And none of this has to do with Brooke. I would have gone to the moon and back if it meant I could see her one last time.
And I am super-glad that I DID get to see her before she headed for the homeland.
I have more to say on this, but just realized that I'm wasting time.
I'll get back to this once I finished my list for the day!
cheers!
7:22pm
Alright. Some of the list was accomplished, but time has run out to do some of the other things.
In brighter news I cooked my first meal in about 5 years. Falafal!! Next time I'll make it spicier- and I'll put a little more zest in the hummus.
Overall [ do you guys remember when overalls were cool? Yeah, me either] it was a success. And I am very pleased with myself.
Facts:
I'm vegetarian. You will never see me chomp on red meat. Every now and then I used to nibble chicken/turkey. [Never Never Never pork] But just the other day I attempted to have a leafy green salad with some deli turkey meat and I almost gagged. The smell of chicken is becoming hard to stand as well.
I don't drink soda. I work out a lot. And that includes swimming- it is EXTREMELY hard to breathe while you swim if you've been drinking soda. It's so bad for you. [but by all means continue to sip your coca cola's]
I'm not a huge fan of candy. However I WILL eat Dots. Love those mommies.
And, for the most part I avoid fast food, mayonnaise [ugh], and things that have butter in them.
Confession: I LOVE carbs.
Give me pasta, bread, whatever- I thoroughly enjoy it.
Not exactly a health nut- but I'm trying to be better.
I'm eliminating all un-natural sugars from my diet. And milk.
I've stopped growing, my bones are not going to become any stronger. I'm off the milk.
A little background:
My parents used to practice a Vegan lifestyle- then they hit college and adopted a vegetarian lifestyle (along with adopting their 1st two kids. Toby, and Jasmin). Now they eat meat and take pleasure in the distinct taste or iron. [ writing this is enough to bring the horrible image of a bloody, meaty steak to my eyes. Oh, the horror]
So we have all these vegan/vegetarian cookbooks that are indeed treasure troves.
Only now am I prying the locks and examining the pirate booty. And what booty it is indeed.
In other news- mystification is choking me out.
He gave me a jangle this morning, right as I stepped out of the gym. Wanted to hang out- o..... k...? Was he having a change of heart- I don't know. Was he bored and didn't have anyone else to hang out with- no idea. Perhaps testing the waters- my guess.. is just that- a guess.
I care.
So much I want to scream sometimes.
I'm not in love.
But there are moments where I think I am. The intensity drives me up the walls.
We talked about this though.
My life is different.
And so is his.
I could see it happening.
I can't risk it if we're not on the same page.
Initially he told ME no. Said he'd been leading me on for years.
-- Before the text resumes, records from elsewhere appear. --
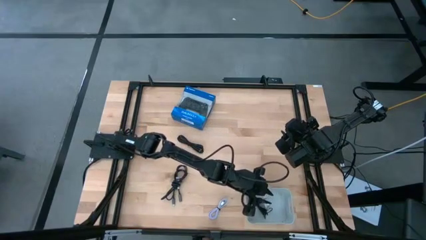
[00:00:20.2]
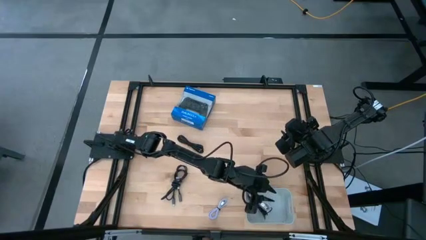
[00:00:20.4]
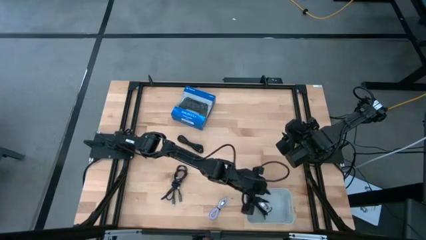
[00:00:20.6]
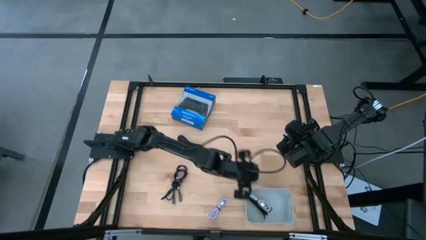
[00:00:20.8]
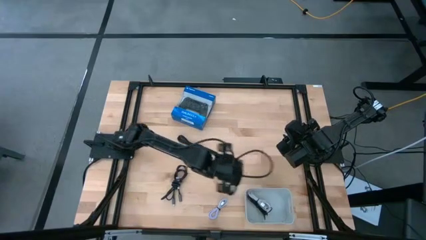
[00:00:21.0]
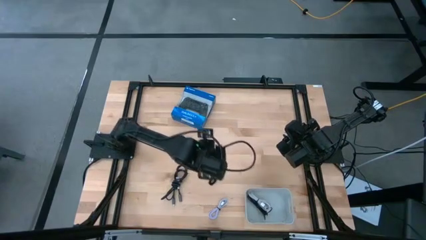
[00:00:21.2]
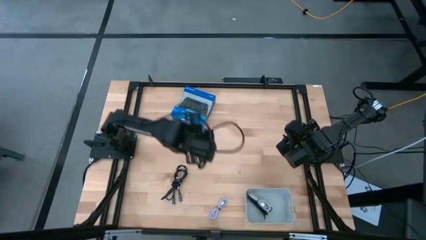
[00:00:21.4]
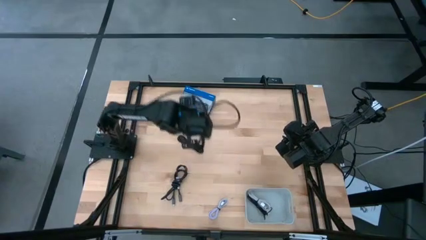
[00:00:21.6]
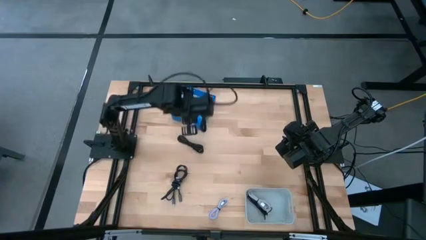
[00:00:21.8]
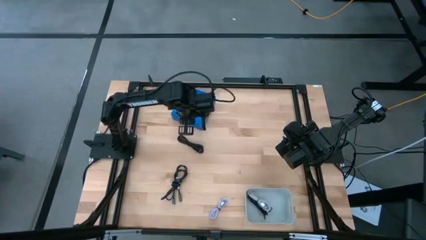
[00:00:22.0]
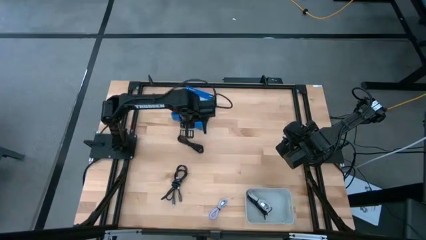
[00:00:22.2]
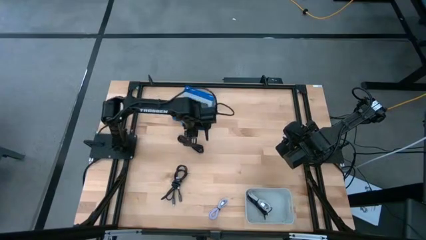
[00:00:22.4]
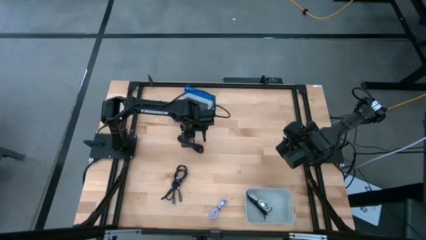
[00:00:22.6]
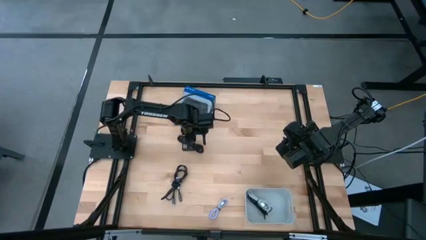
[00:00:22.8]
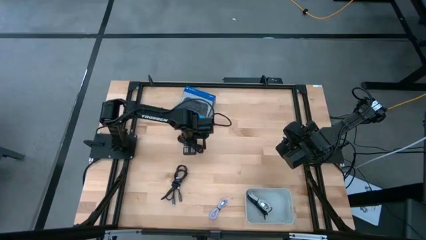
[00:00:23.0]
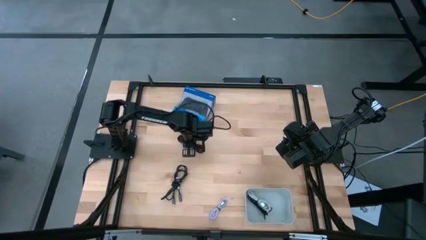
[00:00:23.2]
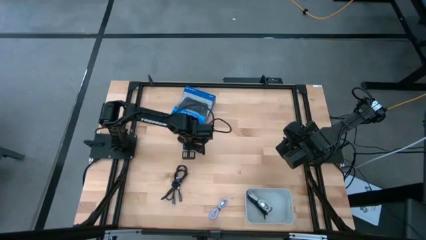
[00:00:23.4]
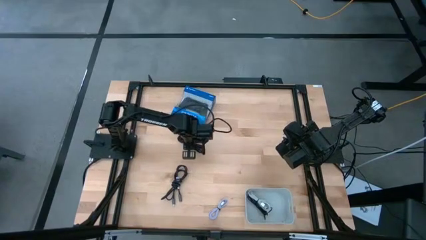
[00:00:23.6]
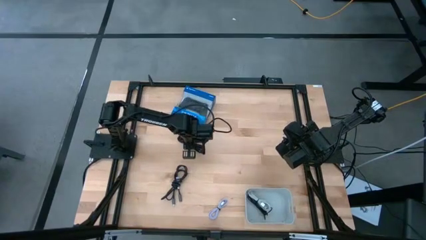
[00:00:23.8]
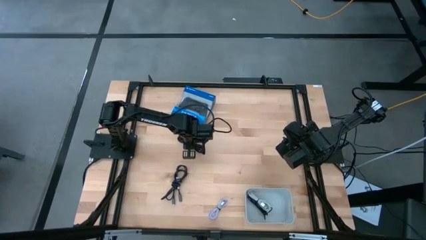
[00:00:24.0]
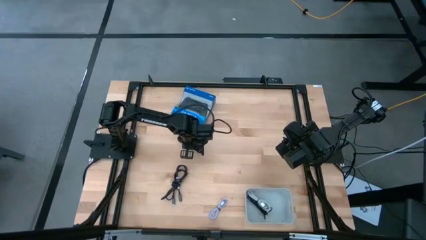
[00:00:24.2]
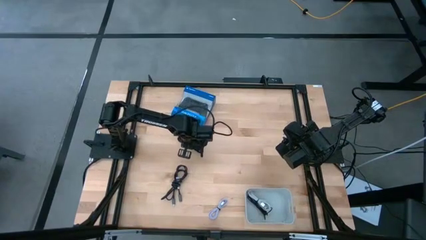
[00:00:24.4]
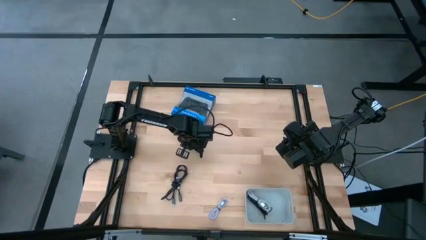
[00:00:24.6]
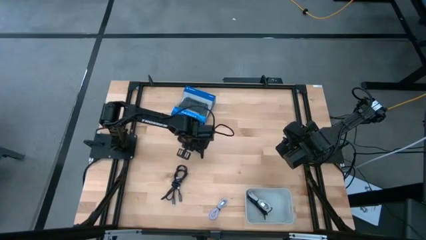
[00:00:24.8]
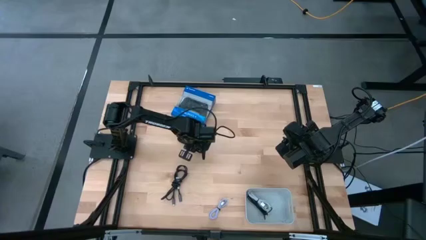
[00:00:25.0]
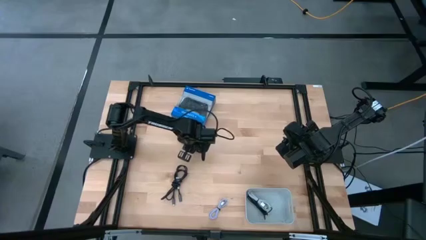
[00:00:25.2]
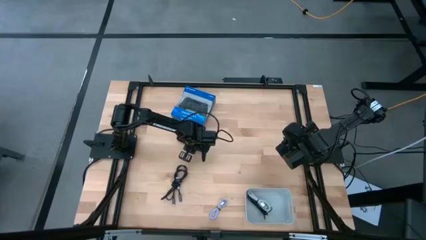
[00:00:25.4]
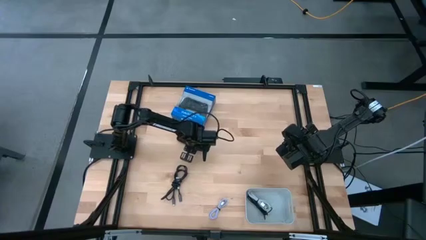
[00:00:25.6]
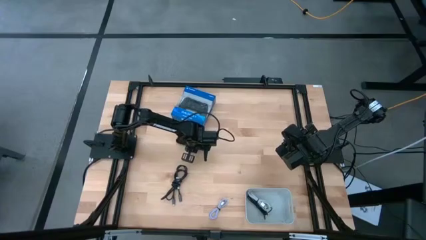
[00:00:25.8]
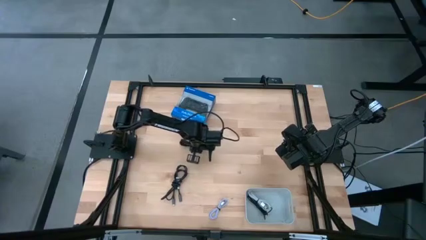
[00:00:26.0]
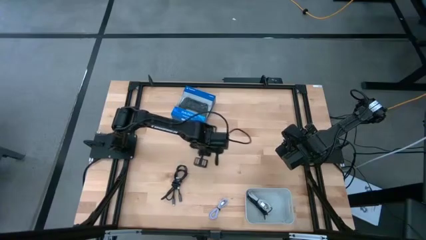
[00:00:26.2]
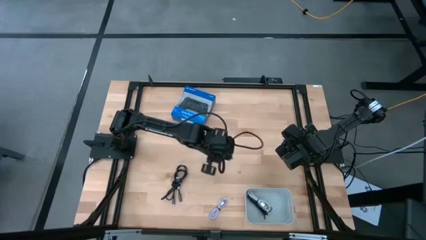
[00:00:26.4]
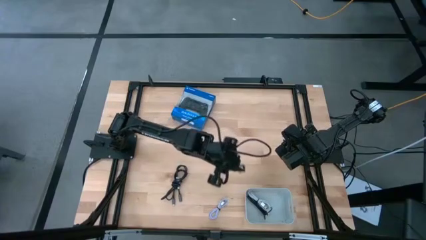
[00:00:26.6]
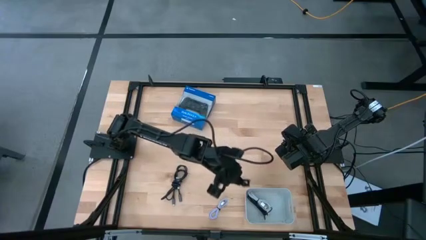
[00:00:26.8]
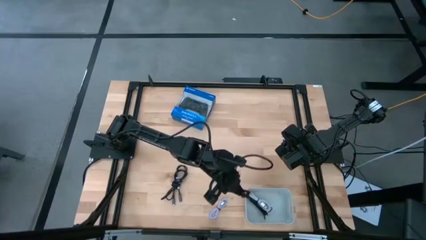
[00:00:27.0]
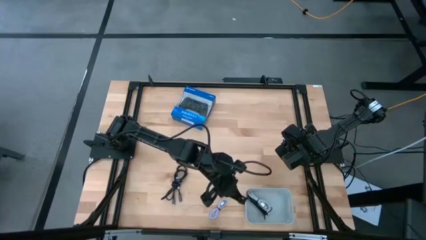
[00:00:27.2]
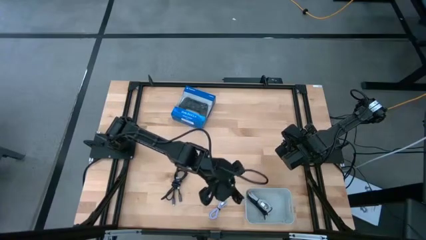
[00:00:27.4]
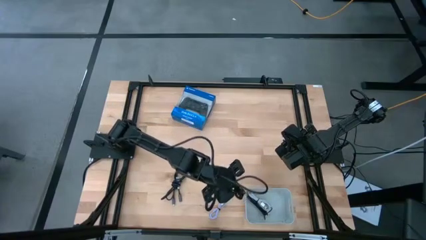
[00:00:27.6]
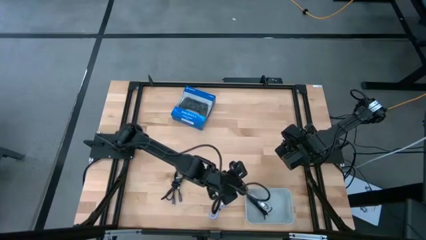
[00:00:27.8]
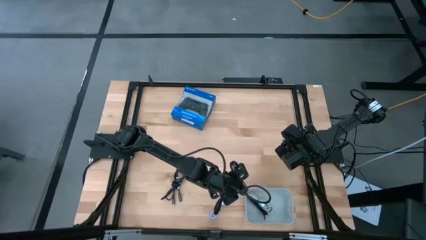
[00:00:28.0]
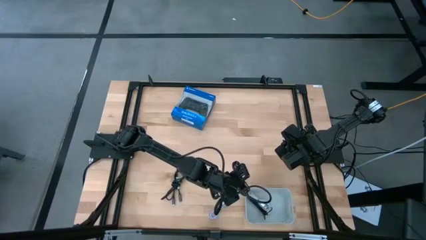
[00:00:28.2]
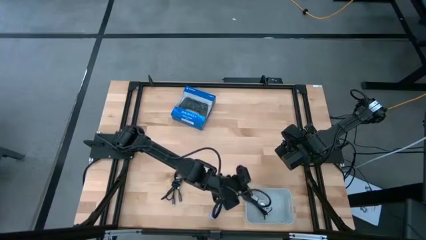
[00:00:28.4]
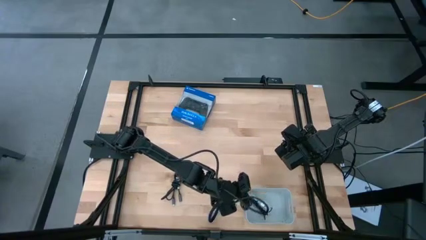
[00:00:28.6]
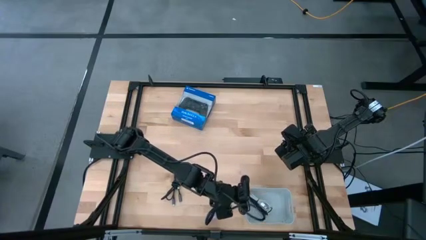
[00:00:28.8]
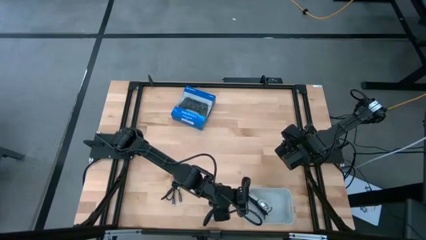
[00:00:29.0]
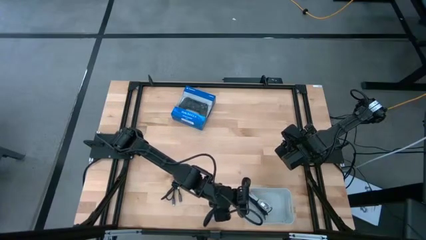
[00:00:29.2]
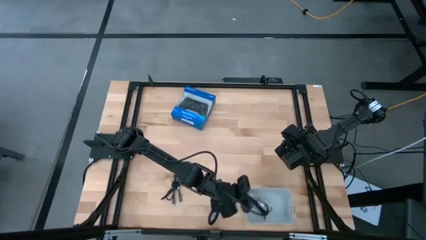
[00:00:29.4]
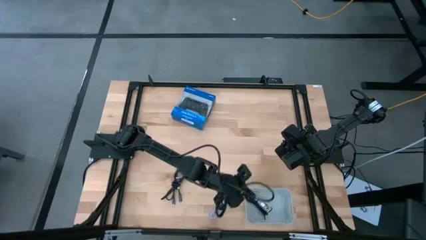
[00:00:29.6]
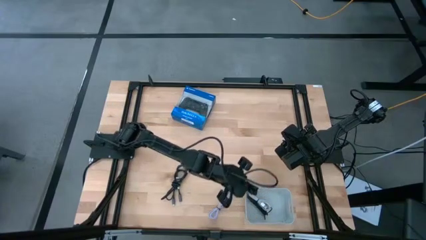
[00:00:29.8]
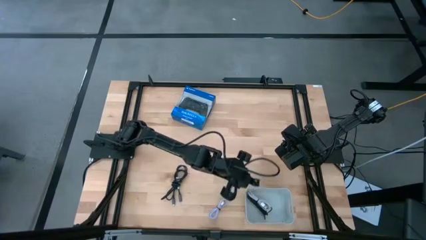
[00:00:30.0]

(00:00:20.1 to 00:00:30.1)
Task: Pick and place USB-C Cables
Put the top black charger cable into the white bin

Well he got that right. Those letters didn't exactly spell out "friendship" as much as they did "spouse". And what about all the stuff you bought me that I refused, the dates that were amazing, that time you kissed me. I'll never forget the way your hand slid down my neck coming to a rest at my shoulders. Or how you lips brushed against my ear giving me chills.
What was that about eh?
He told ME no.
So I said alright, and went along my merry way. I wasn't upset or hurt. I didn't cry or become angry. I kept a level head and more then that my heart was stable as well. We were friends, I couldn't have asked for more! And in the end [now] I'm grateful that you DID say "no"- because I'm happier being alone then I would have been in the long run with you.
I'm not changing my mind.
Not a chance.
But you can change yourself.
You know it's possible. It's time to take responsibility.
In my next entry- I will explain-EVERYTHING. Because this probably doesn't make sense to ANYONE!
How frustrating.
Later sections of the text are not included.